Wherever a line of the data contains "opacity", copy that line.

+++ Input records +++

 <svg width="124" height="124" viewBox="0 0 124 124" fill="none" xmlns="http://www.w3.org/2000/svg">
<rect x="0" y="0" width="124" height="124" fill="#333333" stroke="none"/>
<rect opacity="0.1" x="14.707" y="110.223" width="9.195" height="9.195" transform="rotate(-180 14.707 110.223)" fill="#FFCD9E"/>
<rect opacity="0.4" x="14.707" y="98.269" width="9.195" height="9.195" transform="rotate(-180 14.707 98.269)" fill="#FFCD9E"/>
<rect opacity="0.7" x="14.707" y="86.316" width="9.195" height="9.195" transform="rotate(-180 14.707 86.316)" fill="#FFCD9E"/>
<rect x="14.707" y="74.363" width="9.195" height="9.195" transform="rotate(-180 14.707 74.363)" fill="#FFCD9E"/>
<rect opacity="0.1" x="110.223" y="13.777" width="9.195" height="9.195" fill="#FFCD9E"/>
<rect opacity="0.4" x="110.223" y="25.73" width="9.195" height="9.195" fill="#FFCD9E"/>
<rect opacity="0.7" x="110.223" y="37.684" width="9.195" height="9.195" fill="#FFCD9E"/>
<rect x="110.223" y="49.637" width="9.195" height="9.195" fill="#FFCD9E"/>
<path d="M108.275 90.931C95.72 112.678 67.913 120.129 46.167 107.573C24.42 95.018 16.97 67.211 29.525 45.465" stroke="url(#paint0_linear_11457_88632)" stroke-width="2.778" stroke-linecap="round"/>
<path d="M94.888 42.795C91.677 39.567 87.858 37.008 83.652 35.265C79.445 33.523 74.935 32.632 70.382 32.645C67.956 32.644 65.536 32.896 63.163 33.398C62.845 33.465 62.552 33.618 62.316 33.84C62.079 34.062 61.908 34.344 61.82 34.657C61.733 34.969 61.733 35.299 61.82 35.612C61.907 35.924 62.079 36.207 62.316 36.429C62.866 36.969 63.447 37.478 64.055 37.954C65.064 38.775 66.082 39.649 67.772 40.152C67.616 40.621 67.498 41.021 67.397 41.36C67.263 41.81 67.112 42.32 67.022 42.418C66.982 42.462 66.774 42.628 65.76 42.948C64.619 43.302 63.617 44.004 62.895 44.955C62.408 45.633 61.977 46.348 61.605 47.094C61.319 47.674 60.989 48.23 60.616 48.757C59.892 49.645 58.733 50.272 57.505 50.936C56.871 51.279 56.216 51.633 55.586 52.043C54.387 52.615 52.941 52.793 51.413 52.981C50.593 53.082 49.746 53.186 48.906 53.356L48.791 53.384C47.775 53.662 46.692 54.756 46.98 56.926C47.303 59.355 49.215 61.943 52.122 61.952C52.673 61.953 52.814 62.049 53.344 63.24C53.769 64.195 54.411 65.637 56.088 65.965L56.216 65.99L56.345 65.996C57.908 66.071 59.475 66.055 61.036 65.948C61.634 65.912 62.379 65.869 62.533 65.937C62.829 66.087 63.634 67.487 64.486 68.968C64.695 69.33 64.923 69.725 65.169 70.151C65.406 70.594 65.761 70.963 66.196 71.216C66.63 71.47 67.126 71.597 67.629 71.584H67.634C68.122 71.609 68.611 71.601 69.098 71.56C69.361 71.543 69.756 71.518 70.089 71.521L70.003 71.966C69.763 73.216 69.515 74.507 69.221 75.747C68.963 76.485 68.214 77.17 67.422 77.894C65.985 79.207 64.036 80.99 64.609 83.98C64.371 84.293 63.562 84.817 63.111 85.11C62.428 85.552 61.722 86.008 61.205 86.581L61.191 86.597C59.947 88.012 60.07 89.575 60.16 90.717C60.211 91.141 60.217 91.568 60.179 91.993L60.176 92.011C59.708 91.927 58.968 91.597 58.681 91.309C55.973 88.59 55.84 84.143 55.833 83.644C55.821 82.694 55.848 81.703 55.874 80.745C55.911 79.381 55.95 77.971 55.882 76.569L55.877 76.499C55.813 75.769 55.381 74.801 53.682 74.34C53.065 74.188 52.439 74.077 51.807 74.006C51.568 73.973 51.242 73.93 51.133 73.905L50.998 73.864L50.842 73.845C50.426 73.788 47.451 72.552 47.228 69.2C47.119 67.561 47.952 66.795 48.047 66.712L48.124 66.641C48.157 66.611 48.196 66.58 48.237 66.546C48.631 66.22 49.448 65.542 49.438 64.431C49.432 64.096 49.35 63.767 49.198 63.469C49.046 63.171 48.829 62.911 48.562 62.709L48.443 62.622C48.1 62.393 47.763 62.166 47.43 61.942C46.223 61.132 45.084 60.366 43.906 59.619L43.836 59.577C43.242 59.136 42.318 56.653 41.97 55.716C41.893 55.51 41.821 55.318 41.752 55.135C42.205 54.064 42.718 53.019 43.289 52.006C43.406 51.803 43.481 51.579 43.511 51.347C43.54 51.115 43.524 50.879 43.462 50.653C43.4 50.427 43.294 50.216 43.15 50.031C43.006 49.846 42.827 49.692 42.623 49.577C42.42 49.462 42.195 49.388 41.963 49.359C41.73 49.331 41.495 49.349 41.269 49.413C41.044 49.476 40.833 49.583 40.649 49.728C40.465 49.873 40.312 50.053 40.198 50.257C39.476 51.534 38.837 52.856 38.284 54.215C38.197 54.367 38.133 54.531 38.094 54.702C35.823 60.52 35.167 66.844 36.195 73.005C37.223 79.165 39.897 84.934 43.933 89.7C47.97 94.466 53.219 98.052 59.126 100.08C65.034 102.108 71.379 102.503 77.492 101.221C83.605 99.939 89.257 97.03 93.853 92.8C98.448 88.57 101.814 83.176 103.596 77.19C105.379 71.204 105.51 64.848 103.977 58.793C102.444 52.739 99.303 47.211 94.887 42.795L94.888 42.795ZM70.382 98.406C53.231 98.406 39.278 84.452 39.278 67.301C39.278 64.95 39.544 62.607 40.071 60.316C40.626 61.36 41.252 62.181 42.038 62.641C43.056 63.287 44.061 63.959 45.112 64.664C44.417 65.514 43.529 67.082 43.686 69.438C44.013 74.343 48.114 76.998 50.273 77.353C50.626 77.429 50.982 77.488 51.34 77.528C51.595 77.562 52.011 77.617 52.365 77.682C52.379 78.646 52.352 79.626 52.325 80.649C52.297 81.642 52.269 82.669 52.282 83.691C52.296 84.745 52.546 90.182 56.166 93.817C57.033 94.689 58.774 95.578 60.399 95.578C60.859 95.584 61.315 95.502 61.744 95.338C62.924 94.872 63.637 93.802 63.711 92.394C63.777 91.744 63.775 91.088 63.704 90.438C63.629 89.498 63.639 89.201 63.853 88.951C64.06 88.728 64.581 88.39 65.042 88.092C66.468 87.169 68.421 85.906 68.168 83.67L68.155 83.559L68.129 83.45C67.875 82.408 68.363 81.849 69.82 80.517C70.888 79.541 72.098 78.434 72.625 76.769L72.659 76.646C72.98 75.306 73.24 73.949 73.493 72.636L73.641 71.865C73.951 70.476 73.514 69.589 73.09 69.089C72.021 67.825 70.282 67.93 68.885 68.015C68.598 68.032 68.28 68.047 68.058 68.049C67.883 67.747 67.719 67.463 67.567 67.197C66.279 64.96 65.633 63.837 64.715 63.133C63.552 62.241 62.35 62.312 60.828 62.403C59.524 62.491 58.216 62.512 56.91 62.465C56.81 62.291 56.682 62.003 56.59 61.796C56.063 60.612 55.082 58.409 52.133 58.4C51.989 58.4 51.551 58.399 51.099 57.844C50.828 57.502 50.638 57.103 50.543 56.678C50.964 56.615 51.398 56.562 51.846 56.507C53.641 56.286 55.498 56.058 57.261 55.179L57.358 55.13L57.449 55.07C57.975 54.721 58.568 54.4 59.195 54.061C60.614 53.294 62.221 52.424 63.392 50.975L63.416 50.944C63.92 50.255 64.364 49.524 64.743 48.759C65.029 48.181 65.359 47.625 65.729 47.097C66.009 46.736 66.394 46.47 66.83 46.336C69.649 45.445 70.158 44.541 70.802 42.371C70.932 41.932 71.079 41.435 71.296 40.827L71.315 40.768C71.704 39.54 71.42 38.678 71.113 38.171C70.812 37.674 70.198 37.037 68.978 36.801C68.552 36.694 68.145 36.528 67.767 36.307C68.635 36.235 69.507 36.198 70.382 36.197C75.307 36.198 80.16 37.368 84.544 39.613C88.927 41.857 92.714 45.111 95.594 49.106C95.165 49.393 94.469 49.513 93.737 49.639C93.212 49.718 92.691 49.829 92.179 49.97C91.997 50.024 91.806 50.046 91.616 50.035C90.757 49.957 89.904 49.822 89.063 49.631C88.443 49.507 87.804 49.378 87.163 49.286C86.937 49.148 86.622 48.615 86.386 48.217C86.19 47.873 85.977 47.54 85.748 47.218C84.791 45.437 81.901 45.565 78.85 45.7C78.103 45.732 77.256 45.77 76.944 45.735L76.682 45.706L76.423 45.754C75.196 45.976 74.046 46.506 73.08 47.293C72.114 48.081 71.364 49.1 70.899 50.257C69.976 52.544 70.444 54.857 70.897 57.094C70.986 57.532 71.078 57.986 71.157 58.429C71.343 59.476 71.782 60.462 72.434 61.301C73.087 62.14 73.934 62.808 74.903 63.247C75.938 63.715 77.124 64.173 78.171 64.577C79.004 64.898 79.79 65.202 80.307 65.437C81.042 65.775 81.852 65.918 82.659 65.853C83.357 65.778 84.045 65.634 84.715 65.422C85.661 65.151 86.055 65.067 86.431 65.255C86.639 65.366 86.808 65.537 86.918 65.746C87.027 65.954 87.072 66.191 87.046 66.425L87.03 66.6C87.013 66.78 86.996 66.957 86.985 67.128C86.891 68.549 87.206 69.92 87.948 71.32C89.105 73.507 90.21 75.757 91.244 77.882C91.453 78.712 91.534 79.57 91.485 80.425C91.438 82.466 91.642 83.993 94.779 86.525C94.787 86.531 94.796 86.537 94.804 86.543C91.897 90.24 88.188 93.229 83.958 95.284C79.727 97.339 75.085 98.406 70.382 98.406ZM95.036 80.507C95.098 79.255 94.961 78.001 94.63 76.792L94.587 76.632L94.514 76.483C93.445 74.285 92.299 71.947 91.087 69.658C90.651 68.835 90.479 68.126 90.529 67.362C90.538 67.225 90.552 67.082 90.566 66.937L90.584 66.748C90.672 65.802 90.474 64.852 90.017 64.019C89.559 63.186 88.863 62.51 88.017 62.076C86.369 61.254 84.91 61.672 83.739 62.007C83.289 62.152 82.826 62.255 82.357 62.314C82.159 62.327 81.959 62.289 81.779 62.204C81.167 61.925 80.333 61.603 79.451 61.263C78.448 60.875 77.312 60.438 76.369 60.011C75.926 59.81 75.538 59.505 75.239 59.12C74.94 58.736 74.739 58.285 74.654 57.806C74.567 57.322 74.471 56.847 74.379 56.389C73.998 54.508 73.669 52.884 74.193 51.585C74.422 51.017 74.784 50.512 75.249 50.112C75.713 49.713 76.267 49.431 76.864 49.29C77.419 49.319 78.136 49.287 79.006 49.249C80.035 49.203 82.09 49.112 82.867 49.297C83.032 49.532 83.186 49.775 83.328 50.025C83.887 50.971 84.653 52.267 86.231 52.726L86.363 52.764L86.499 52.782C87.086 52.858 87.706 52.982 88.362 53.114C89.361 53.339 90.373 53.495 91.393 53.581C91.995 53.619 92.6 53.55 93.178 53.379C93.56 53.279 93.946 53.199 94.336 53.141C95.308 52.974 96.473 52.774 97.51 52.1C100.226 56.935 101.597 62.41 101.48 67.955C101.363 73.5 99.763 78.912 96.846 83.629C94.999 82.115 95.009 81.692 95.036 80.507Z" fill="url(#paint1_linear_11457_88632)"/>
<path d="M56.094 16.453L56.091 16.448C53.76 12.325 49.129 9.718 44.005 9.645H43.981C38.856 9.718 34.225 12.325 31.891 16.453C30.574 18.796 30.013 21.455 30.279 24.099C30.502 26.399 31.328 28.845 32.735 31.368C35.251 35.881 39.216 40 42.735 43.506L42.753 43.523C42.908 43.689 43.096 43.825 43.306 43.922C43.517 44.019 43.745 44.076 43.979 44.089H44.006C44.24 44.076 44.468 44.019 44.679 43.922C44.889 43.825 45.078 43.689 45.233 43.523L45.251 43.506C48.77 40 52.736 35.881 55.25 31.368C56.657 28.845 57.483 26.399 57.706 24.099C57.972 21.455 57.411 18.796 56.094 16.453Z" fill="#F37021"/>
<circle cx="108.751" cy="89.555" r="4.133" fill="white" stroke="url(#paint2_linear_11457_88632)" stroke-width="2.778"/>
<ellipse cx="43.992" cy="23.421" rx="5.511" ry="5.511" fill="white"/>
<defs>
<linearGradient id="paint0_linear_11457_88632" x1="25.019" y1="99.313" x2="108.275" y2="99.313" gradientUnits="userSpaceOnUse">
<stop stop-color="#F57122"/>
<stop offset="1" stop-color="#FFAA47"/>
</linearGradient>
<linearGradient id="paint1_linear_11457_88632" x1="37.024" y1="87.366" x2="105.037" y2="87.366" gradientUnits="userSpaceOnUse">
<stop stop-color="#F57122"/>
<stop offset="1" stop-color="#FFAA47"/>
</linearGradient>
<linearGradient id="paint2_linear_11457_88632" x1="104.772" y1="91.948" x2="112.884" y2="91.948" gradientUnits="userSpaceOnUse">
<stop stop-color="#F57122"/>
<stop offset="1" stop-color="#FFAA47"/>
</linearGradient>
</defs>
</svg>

+++

## Output for this exercise
<rect opacity="0.1" x="14.707" y="110.223" width="9.195" height="9.195" transform="rotate(-180 14.707 110.223)" fill="#FFCD9E"/>
<rect opacity="0.4" x="14.707" y="98.269" width="9.195" height="9.195" transform="rotate(-180 14.707 98.269)" fill="#FFCD9E"/>
<rect opacity="0.7" x="14.707" y="86.316" width="9.195" height="9.195" transform="rotate(-180 14.707 86.316)" fill="#FFCD9E"/>
<rect opacity="0.1" x="110.223" y="13.777" width="9.195" height="9.195" fill="#FFCD9E"/>
<rect opacity="0.4" x="110.223" y="25.73" width="9.195" height="9.195" fill="#FFCD9E"/>
<rect opacity="0.7" x="110.223" y="37.684" width="9.195" height="9.195" fill="#FFCD9E"/>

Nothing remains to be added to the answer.